BRIEF
Only the lines from the one with "STEP (ISO 10303-21)" through the end of the material below belong in the reply; transcribe them exactly.
Start of SUPPLIED RECORDS
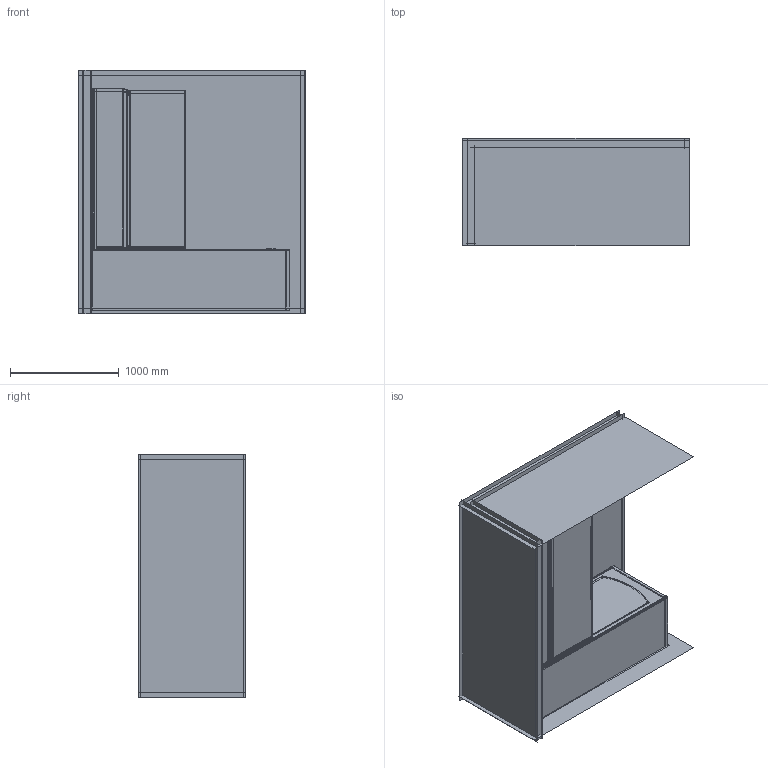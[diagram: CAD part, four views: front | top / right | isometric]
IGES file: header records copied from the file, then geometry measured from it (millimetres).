
Start section:  PTC IGES file: DCP9PX.igs
Global section: file name: DCP9PX.igs; native system: Pro/ENGINEER by Parametric Technology Corporation; preprocessor: 2010280; author: admin; organization: Unknown; date: 20140604.162850; units: millimetre
Bounding box: 2080 x 988 x 2236 mm (x, y, z)
Surface area: 54284906.2 mm2 (no closed solid volume)
Topology: 0 solids, 0 shells, 3412 faces, 51316 edges, 67010 vertices
Faces by surface type: revolution 1758, bspline 1646, extrusion 8
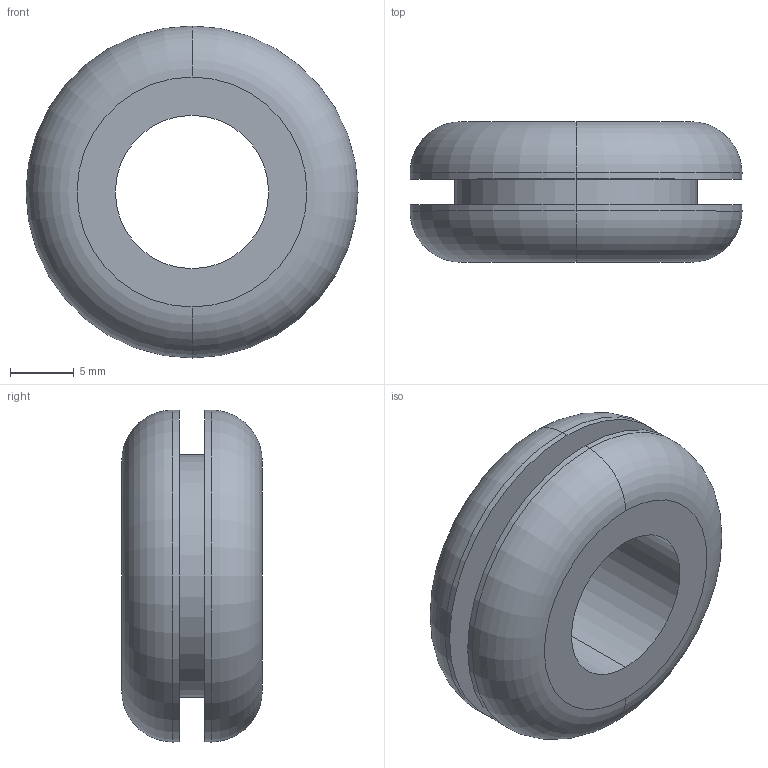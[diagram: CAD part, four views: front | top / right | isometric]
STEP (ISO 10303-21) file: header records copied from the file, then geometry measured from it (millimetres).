
FILE_DESCRIPTION (( 'STEP AP203' ), '1' );
FILE_NAME ('C-30-BW-12-2.STEP', '2006-06-07T07:45:07', ( ' ' ), ( ' ' ), 'SwSTEP 2.0', 'SolidWorks 2005204', '' );
FILE_SCHEMA (( 'CONFIG_CONTROL_DESIGN' ));
Length unit declared in the file: millimetre
Products named in the file (1): C-30-BW-12-2
Bounding box: 26 x 11 x 26 mm (x, y, z)
Volume: 3579 mm3; surface area: 2305 mm2
Topology: 1 solids, 1 shells, 16 faces, 32 edges, 20 vertices
Faces by surface type: cylinder 8, plane 4, torus 4
Entity records: 509 total; most frequent: DIRECTION 90, CARTESIAN_POINT 69, ORIENTED_EDGE 64, AXIS2_PLACEMENT_3D 41, EDGE_CURVE 32, CIRCLE 24, EDGE_LOOP 20, VERTEX_POINT 20
End of SUPPLIED RECORDS
THE ANSWER
STEP (ISO 10303-21) file: header records copied from the file, then geometry measured from it (millimetres).
FILE_DESCRIPTION (( 'STEP AP203' ), '1' );
FILE_NAME ('C-30-BW-12-2.STEP', '2006-06-07T07:45:07', ( ' ' ), ( ' ' ), 'SwSTEP 2.0', 'SolidWorks 2005204', '' );
FILE_SCHEMA (( 'CONFIG_CONTROL_DESIGN' ));
Length unit declared in the file: millimetre
Products named in the file (1): C-30-BW-12-2
Bounding box: 26 x 11 x 26 mm (x, y, z)
Volume: 3579 mm3; surface area: 2305 mm2
Topology: 1 solids, 1 shells, 16 faces, 32 edges, 20 vertices
Faces by surface type: cylinder 8, plane 4, torus 4
Entity records: 509 total; most frequent: DIRECTION 90, CARTESIAN_POINT 69, ORIENTED_EDGE 64, AXIS2_PLACEMENT_3D 41, EDGE_CURVE 32, CIRCLE 24, EDGE_LOOP 20, VERTEX_POINT 20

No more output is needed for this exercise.